Lactococcus lactis subsp. cremoris C60 creates a type I regulatory T cell-dominant anti-inflammatory intestinal environment through functional modification of dendritic cells

Lactic acid bacteria (LAB)-mediated probiotics have the capability to modulate intestinal immunity, creating an anti-inflammatory environment. Among the immune-modulatory effects, interleukin (IL)-10-producing CD4 ⁺ T cells are often discussed for their anti-inflammatory roles. While regulatory T cells (Tregs) are a well-known subset, type I regulatory T (Tr1) cells, which also produce abundant IL-10, receive less attention in LAB-induced anti-inflammatory effects. Here, we report that Lactococcus lactis subsp. cremoris C60, a probiotic LAB strain, increases IL-10-producing Tr1 cells in the intestinal environment, contributing to resistance against inflammatory conditions such as dextran sodium sulfate (DSS)-induced colitis. Intragastric administration of heat-killed (HK)-C60 significantly increased IL-10 ⁺ CD4 ⁺ T cells in intestinal tissues compared to control treatment.

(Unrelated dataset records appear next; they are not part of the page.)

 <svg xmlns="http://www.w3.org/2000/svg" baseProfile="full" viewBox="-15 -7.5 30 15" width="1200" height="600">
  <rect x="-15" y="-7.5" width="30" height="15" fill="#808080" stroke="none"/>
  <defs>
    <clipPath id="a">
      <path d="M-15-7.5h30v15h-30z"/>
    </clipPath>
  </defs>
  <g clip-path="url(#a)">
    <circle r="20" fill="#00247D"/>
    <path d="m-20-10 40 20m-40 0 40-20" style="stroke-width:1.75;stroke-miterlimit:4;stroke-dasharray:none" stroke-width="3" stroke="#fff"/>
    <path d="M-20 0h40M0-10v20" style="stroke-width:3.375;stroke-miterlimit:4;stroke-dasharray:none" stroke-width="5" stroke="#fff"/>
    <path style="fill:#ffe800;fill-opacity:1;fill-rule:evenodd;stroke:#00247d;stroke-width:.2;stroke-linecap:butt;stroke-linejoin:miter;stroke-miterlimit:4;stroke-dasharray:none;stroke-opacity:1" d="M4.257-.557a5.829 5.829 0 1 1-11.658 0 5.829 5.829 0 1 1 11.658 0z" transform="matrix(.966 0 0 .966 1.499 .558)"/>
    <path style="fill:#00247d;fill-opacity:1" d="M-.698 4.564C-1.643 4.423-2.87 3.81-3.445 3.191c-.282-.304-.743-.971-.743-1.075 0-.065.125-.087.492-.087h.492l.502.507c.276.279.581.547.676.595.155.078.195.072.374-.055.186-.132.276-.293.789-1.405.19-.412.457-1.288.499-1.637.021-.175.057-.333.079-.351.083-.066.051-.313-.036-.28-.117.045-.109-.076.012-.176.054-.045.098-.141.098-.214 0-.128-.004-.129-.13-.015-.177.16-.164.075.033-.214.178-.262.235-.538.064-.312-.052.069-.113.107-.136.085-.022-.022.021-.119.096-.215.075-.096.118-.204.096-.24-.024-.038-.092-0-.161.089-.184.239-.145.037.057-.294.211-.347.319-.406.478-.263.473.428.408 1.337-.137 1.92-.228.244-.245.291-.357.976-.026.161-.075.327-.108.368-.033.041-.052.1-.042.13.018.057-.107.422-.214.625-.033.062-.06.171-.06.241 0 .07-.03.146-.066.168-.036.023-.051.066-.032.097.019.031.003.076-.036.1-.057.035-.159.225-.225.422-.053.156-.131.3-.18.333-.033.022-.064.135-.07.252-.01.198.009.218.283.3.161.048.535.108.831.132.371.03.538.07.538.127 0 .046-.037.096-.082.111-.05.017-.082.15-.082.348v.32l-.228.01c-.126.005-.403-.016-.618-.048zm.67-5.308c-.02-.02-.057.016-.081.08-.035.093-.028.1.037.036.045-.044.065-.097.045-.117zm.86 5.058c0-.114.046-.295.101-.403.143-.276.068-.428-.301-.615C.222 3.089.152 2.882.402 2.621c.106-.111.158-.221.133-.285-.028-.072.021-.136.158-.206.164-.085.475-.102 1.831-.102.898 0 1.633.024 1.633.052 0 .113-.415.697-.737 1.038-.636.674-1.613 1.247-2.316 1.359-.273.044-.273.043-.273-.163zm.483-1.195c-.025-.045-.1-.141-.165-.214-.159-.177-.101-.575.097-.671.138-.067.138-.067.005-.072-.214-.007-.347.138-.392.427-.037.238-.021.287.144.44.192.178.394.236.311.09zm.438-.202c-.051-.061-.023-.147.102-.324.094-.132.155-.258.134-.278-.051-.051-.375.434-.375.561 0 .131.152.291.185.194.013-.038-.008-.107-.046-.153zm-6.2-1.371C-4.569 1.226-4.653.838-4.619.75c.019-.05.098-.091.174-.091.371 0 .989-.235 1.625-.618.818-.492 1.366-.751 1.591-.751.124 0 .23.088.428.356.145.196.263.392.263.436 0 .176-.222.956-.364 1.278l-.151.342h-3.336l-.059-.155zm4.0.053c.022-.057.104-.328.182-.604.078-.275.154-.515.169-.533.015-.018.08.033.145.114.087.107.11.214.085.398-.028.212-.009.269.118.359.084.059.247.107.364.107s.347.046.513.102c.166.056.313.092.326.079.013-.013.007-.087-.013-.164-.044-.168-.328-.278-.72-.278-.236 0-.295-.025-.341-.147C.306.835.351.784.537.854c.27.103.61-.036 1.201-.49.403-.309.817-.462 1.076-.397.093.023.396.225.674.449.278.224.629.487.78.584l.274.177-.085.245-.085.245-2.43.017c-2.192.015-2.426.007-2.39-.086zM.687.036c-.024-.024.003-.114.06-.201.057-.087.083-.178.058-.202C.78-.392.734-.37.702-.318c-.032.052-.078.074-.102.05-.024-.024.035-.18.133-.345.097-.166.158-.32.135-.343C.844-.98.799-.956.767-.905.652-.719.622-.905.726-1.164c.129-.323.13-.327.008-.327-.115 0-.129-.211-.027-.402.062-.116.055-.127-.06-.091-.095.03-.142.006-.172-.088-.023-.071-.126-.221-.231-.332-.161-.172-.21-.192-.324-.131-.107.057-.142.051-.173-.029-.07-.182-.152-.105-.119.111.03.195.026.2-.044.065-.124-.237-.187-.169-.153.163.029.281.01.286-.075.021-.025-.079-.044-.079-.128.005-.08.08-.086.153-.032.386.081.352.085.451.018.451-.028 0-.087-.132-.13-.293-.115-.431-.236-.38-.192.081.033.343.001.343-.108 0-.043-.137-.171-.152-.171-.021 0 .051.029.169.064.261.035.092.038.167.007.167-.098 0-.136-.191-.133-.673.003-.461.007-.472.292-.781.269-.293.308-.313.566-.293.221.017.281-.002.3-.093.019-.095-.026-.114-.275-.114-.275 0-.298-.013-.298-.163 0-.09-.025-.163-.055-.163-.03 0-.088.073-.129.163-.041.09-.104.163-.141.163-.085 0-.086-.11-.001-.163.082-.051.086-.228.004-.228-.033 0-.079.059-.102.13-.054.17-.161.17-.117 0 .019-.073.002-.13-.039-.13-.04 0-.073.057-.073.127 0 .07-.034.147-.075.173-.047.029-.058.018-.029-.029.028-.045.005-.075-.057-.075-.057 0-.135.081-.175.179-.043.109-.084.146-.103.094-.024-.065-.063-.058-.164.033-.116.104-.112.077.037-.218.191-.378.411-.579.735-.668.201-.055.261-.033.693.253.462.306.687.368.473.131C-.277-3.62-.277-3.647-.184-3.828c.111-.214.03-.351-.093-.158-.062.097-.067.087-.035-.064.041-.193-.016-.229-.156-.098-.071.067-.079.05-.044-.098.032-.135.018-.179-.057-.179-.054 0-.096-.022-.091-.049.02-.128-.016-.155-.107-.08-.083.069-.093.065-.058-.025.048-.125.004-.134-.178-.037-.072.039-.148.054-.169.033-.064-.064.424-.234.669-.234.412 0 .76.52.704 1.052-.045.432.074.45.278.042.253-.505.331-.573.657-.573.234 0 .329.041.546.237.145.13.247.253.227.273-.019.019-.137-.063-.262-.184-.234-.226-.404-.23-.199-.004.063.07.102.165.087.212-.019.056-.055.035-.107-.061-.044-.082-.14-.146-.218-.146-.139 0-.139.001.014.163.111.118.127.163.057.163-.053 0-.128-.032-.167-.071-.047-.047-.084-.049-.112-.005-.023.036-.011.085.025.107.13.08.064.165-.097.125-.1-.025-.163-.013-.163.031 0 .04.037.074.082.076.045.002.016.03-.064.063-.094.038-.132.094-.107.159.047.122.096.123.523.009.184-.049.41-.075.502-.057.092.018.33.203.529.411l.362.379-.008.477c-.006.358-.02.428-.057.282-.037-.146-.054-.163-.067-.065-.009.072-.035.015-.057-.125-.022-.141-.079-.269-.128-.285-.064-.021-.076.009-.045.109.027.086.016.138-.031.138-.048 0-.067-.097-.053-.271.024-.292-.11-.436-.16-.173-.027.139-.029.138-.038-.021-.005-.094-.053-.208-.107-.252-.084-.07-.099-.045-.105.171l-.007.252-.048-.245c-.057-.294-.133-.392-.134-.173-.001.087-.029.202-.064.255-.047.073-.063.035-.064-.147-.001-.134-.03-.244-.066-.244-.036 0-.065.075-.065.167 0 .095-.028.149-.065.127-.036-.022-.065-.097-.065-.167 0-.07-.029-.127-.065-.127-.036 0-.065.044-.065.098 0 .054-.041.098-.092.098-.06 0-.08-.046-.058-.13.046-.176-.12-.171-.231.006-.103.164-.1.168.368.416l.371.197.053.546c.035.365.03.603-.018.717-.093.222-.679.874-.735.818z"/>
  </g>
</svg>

These populations predominantly consisted of Forkhead box protein P3 (Foxp3)-negative cells, indicating that Tr1 cells were primarily expanded by HK-C60 stimulation. Further analysis revealed that IL-10 ⁺ Tr1 cells could be classified into two major subpopulations: IL-10 single-positive (SP) and IFN-γ/IL-10 double-positive (DP) cells. An in vitro co-culture system using CD4 ⁺ T cells and bone marrow-derived dendritic cells (BMDCs) demonstrated that HK-C60 stimulation modified dendritic cell function, promoting Tr1 cell differentiation. Moreover, pro-inflammatory IFN-γ ⁺ CD4 ⁺ T (Th1) cells differentiated into IL-10 ⁺ Tr1 cells in the presence of HK-C60-stimulated BMDCs, with the effect being particularly pronounced in DP Tr1 cells. HK-C60-administration attenuated inflammation and reduced pro-inflammatory leukocyte infiltration in the colon of DSS-induced colitis mice, accompanied by the expansion of DP Tr1 cells. The suppressive effect of intestinal CD4 ⁺ T cells in HK-C60-treated mice was IL-10-dependent, as demonstrated by an in vitro IL-10 neutralizing assay. Thus, C60-based probiotics promote the creation of an anti-inflammatory intestinal environment by increasing IL-10 ⁺ Tr1 cells rather than Tregs.